Far more important is the emerging OpenCL standard (which is being promoted in Apples Snow Leopard, and is likely to become a de facto standard). Just as OpenGL, it is managed by the Khronos group. OpenCL was originally developed by Apple, and they still own the trademark, which is probably why Microsoft has chosen to promote their own API, DirectCompute. My guess is that CUDA and Brook+ will slowly fade away, as both OpenCL and DirectCompute will come to co-exist just the same way as OpenGL and Direct3D do.

For cross-platform development OpenCL is therefore the most interesting choice, and I’m hoping to see NVIDIA and AMD/ATI release public drivers for Windows as soon as possible (as of now they are in closed beta versions).

GPU acceleration could be very interesting from a generative art perspective, since it suddenly becomes possible to perform advanced visualization, such as ray-tracing, in real-time.

A final comment: a few days ago I found this quaternion Julia set GPU implementation for the iPhone 3GS using OpenGL ES 2.0 programmable shaders. I think this demonstrates the sophistication of the iPhone hardware and software platform – both that a hand-held device even has a programmable GPU, but also that the SDK is flexible enough to make it possible to access it.

Fractal Explorer Plugin

In July Subblue released another Pixel Blender plugin, called the Fractal Explorer Plugin – for exploring Julia sets and fractal orbit maps. I didn’t get around to try it out until recently, but it is really a great tool for exploring fractals.

Most people have probably seen examples of Julia and Mandelbrot sets – where the convergence properties of the series generated by repeated application of a complex-valued function is investigated.

The most well-known example is the iteration of the function z ← z2+c. The Mandelbrot set is created by plotting the convergence rate for this function while c varies over the complex plane. Likewise, the Julia set is created for a fixed c while varying the initial z-value over the complex plane.

Glynn1 by Subblue (A Julia-set where an exponent of 1.5 is used).

Where ordinary Julia and Mandelbrot sets only take into account whether the series created by the iterated function tends towards infinity (diverges) or not, fractal orbits instead uses another image as input, and checks whether the complex number series generated by the function hits a (non-transparent) pixel in the source image. This allows for some very fascinating ‘fractalization’ of existing images.

A fractal orbit showing a highly non-linear transformation of a Mondrian picture.

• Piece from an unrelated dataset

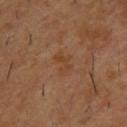biopsy status = imaged on a skin check; not biopsied | subject = male, aged 53–57 | image = ~15 mm tile from a whole-body skin photo | anatomic site = the upper back.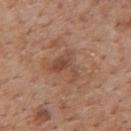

Subblue suggests starting out using Ernst Haeckel beautiful illustrations from the book Artforms of Nature, and he has put up a small gallery with some great examples:

An example of an orbit mapped Ernst Haeckel image.

To try out Subblue’s filter, download the Pixel Blender SDK and load his kernel filter and an input image of choice. It is necessary to uncheck the “Build | Turn On Flash Player Warnings and Errors” menu item in order to start the plugin. On my computer I also often experience that the Pixel Blender SDK is unable to detect and initialize my GPU – it sometimes help to close other programs and restart the application. The filter executes extremely fast on the GPU – often with more than 100 frames per second, making it easy to interactively explore and discover the fractals.

As I final note, I implemented a fractal drawings routine myself in Structure Synth (version 1.0) just for fun. It is implemented as a hidden easter egg, and not documented at all, but the code belows shows an example of how to invoke it:

Size: 800x800
MaxIter: 150
Term: (-0.2,0)
Term: 1*Z^1.5
BreakOut: 2
View: (-0.0,0.2) -> (0.7,0.9)

Arguable, this code is not very optimized (it is possible to add an unlimited number of terms, making the function evaluation somewhat slow), but still it takes seconds to calculate an image making it more than a hundred times slower than the Pixel Blender GPU solution.